To contradict (2), $f(z) = \frac{1}{1-z}$

To contradict (3), $f(z) = 2z$ maps the circle radius 0.5 onto the circle radius 1, so there will be infinitely many z with f(z) having magnitude 1

To contradict (4), $f(z) = exp(z)$ is not a rational function.

So it remains to prove (1)

Sketch proof
Take an infinite series of disks centered around $z=0$, of decreasing radius (starting at $r=0.9$ say) and show that each disk must contain some point z (not = 0) with $|f(z)| = 1$ (either on the boundary or in the interior). Then use $\frac{1}{2}|z|$ for the radius of the next disk...

Proof:
Maximum Modulus Theorem says that f will achieve its maximum somewhere on the boundary. So there will be some point $z_{max} s.t. |f(z_{max})| \ge 1$ on the boundary.

The Minimum Modulus Theorem gives a weaker result:

'If f is holomorphic and non-constant on a bounded domain D, then f attains its minimum either at a zero of f, or on the boundary.
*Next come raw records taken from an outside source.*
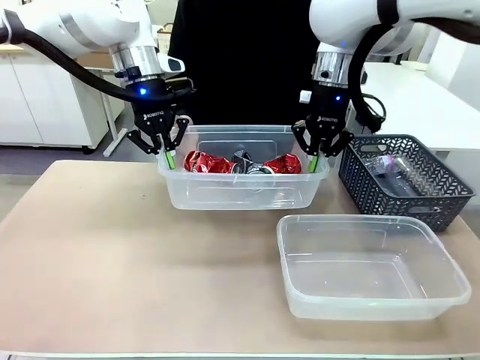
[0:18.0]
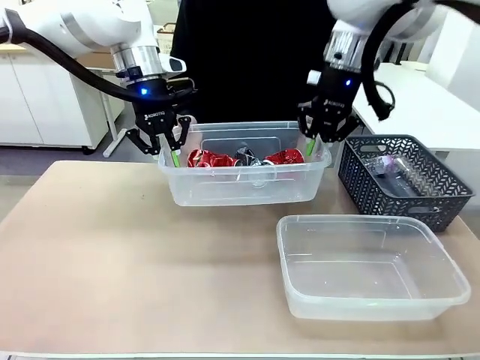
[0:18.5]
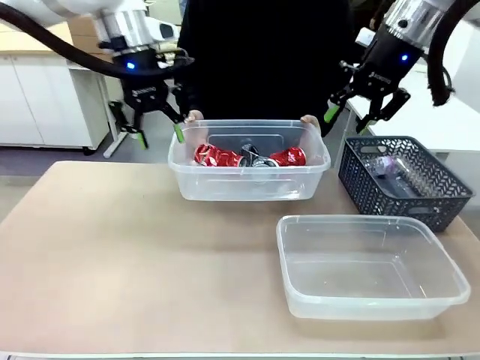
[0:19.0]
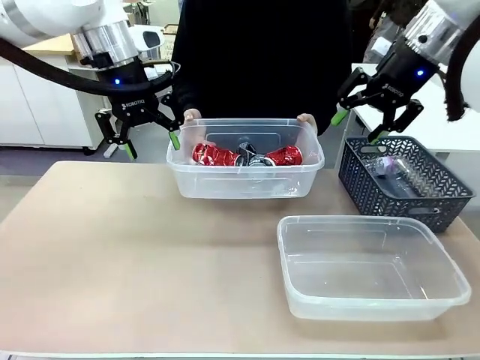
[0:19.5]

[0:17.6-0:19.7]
Robot: Release the Organizing box you were holding.

So f must have a minimum $z_{min} s.t. |f(z_{min})| < 1$ somewhere in or on this disk. (NOTE: It can't be > 1 as $f(0)=1$, and if it were = 1, we would have z constant on the entire disk, which will probably break the premise (*)).

So tracing a line (taking care to avoid passing through the origin) from z_max to this z_min, (as f is continuous) there must exist some z s.t. $f(z)$ has magnitude 1.

So add that z to your set of solutions, pick a new disk with radius $\frac{1}{2}|z|$, rinse and repeat.

(*) It isn't yet rigourous as this has still to be proved...

PS: could the questioner please tidy up the question? It doesn't have a sensible title, it doesn't read properly (it should be clearly stating that exactly ONE of the following four statements are true), and the following paragraph is confused and doesn't make sense.

(EDIT: Note to self: https://math.stackexchange.com/help/notation , thanks Jonathan Y)

EDIT: onto Jonathan's challenge: Proving uncountably many points is a good challenge, I can see it is aesthetically a better question, as a stronger condition will elicit a deeper understanding. Hmm, |f(z)|=1 contours passing through z=0...

|f(z)|=1 means that f(z) is on the unit circle.

So maybe we could look at the inverse mapping; $f^{-1}(unit circle)$ i.e. what maps to the unit circle?

If f is holomorphic, this means it is continuous, which means the inverse map must also be continuous...

So perform the inverse map of the unit circle, and you must get some loop, by continuity. And we know this passes through 0. Which gives us uncountably many points in ANY neighbourhood of 0.

Much cleaner! Working to prove the stronger condition yielded a much simpler solution, good call Jonathan!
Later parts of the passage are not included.